» **Assignment**
Word for word, give the records again, dropping any picture they hold.
==========
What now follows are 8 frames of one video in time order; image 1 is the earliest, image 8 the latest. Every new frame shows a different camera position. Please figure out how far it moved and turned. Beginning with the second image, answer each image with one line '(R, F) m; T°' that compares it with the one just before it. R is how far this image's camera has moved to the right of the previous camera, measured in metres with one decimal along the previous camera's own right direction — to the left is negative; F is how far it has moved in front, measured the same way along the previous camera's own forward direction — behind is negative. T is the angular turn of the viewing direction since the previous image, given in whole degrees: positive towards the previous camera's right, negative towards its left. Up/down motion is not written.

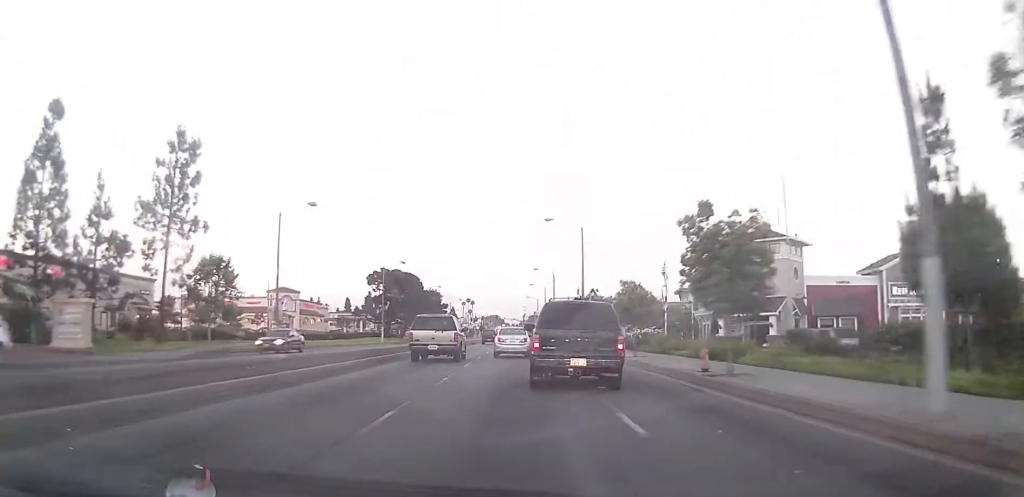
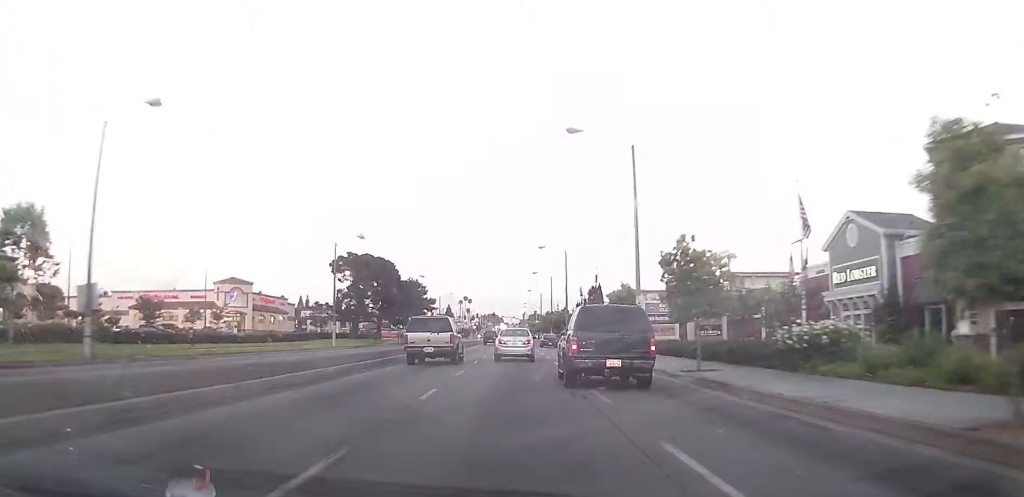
(0.0, +26.1) m; 0°
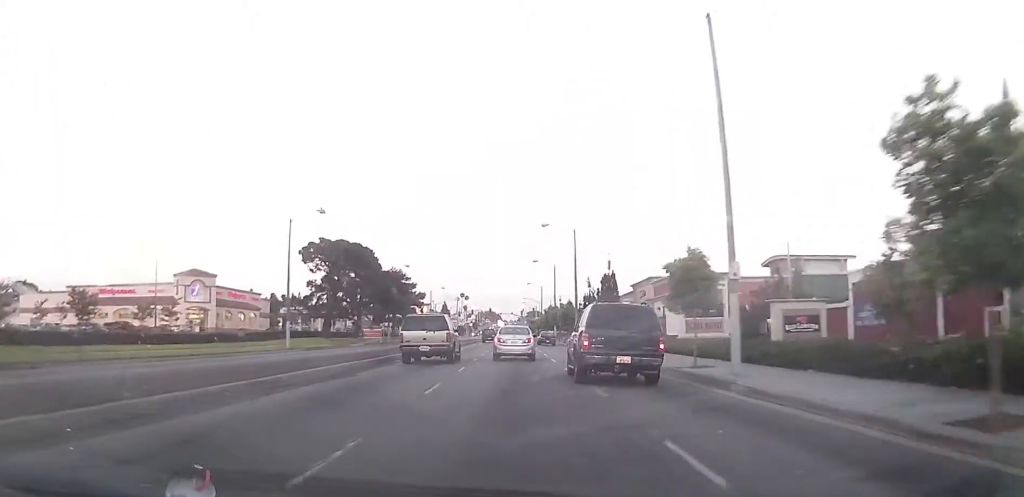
(0.0, +14.4) m; 0°
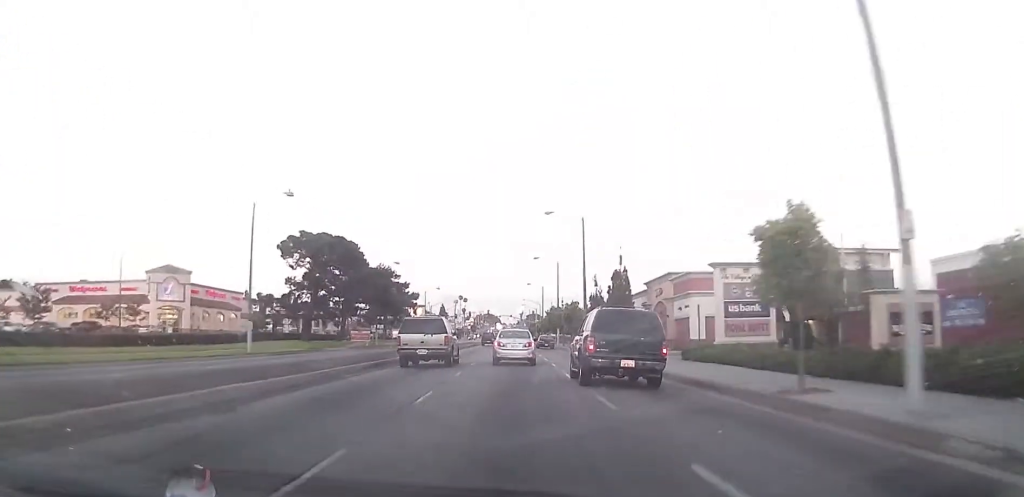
(0.0, +8.6) m; 0°
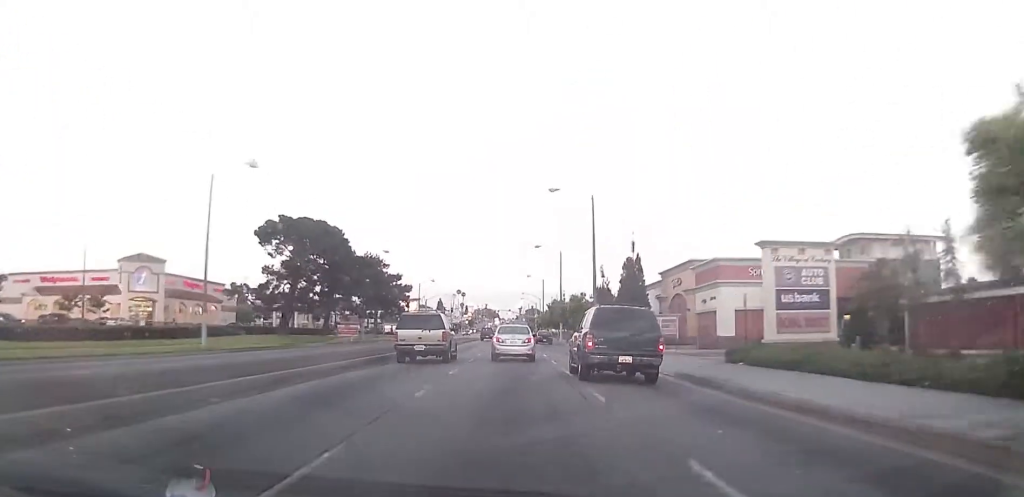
(0.0, +7.6) m; 0°
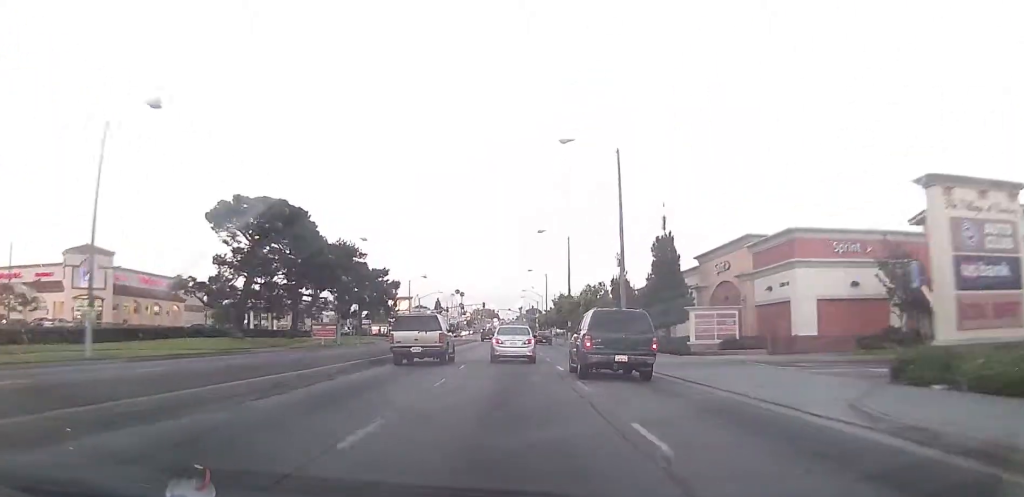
(0.0, +13.0) m; 0°
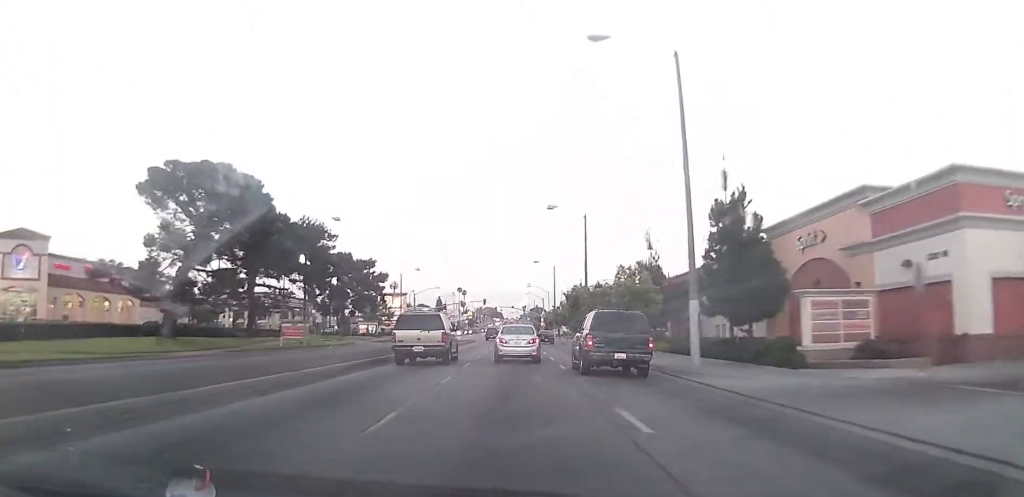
(0.0, +13.6) m; 0°
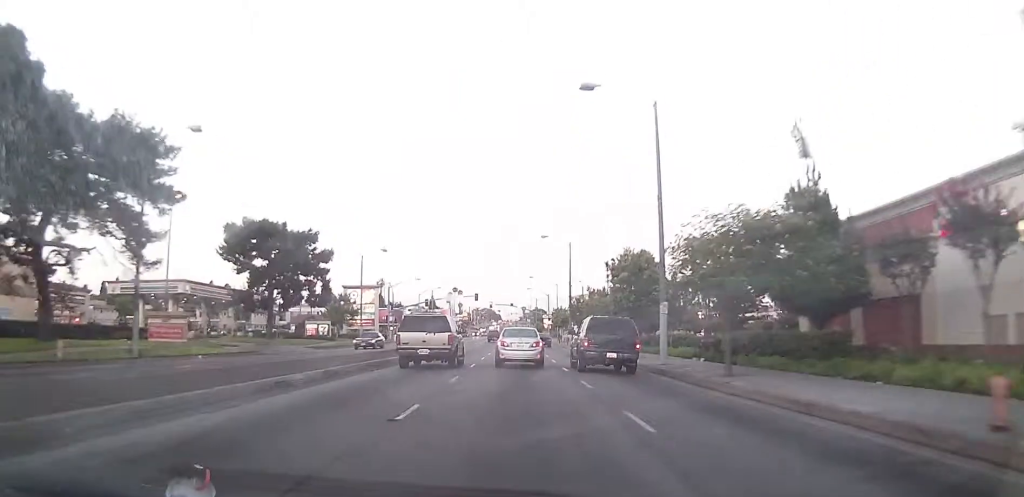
(0.0, +29.3) m; 0°
==========
» **Task answer**
What now follows are 8 frames of one video in time order; image 1 is the earliest, image 8 the latest. Every new frame shows a different camera position. Please figure out how far it moved and turned. Beginning with the second image, answer each image with one line '(R, F) m; T°' that compares it with the one just before it. R is how far this image's camera has moved to the right of the previous camera, measured in metres with one decimal along the previous camera's own right direction — to the left is negative; F is how far it has moved in front, measured the same way along the previous camera's own forward direction — behind is negative. T is the angular turn of the viewing direction since the previous image, given in whole degrees: positive towards the previous camera's right, negative towards its left. Up/down motion is not written.

(0.0, +26.1) m; 0°
(0.0, +14.4) m; 0°
(0.0, +8.6) m; 0°
(0.0, +7.6) m; 0°
(0.0, +13.0) m; 0°
(0.0, +13.6) m; 0°
(0.0, +29.3) m; 0°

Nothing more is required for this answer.